SUPPLIED INFORMATION Block Start
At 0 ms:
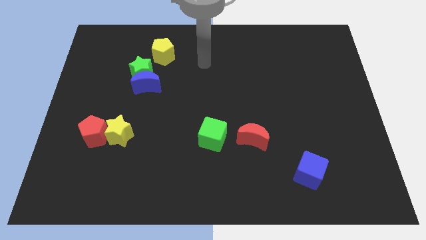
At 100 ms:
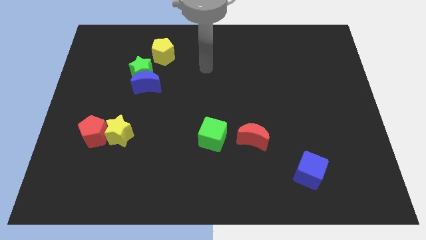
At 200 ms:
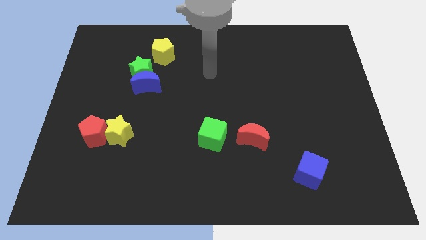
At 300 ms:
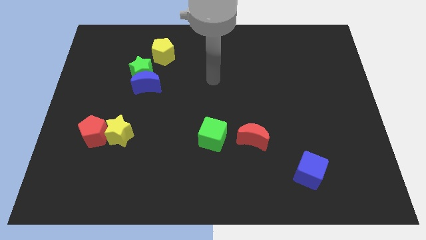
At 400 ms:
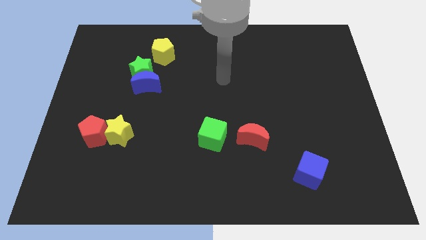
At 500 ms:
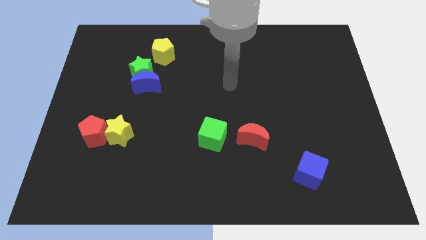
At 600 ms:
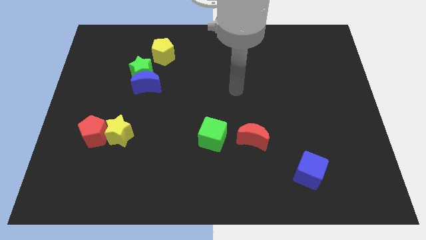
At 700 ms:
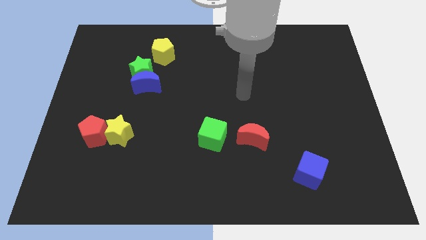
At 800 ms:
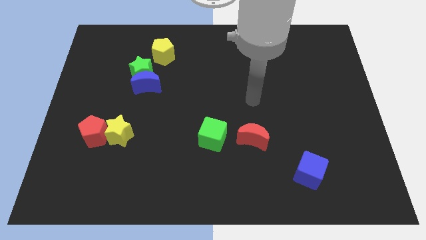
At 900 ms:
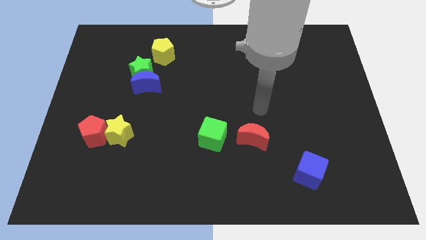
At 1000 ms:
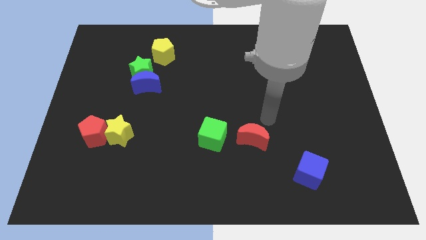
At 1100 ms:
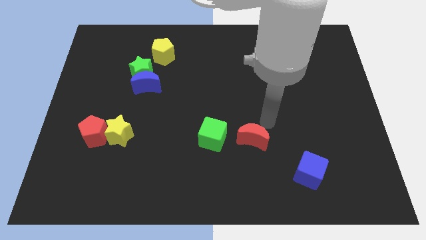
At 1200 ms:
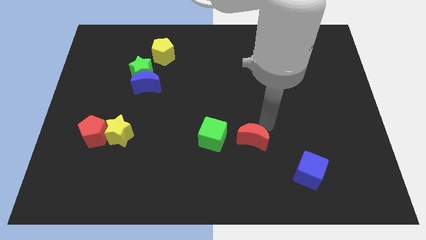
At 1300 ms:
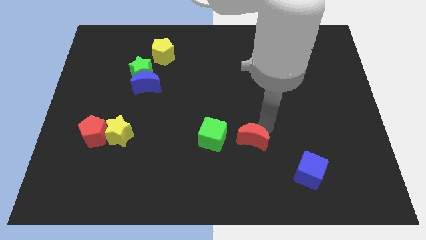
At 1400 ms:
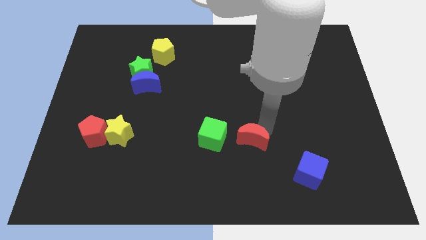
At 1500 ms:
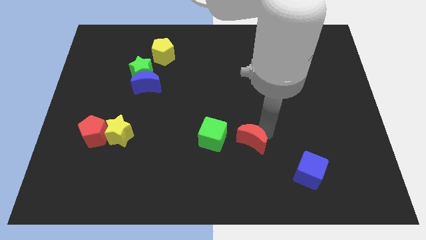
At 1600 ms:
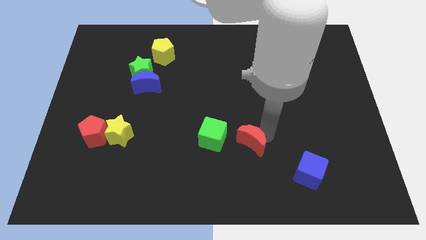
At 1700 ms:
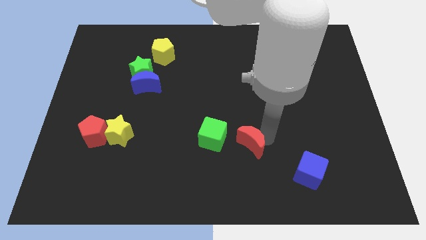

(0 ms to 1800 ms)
move the red moon to the bottom right of the green cube
SUPPLIED INFORMATION Block End
[TASK INSTRUCTIONS]: Copy every record above exactly, leaving out the pictures.

[OUTPUT FOR THIS TASK]:
At 0 ms:
At 100 ms:
At 200 ms:
At 300 ms:
At 400 ms:
At 500 ms:
At 600 ms:
At 700 ms:
At 800 ms:
At 900 ms:
At 1000 ms:
At 1100 ms:
At 1200 ms:
At 1300 ms:
At 1400 ms:
At 1500 ms:
At 1600 ms:
At 1700 ms:

(0 ms to 1800 ms)
move the red moon to the bottom right of the green cube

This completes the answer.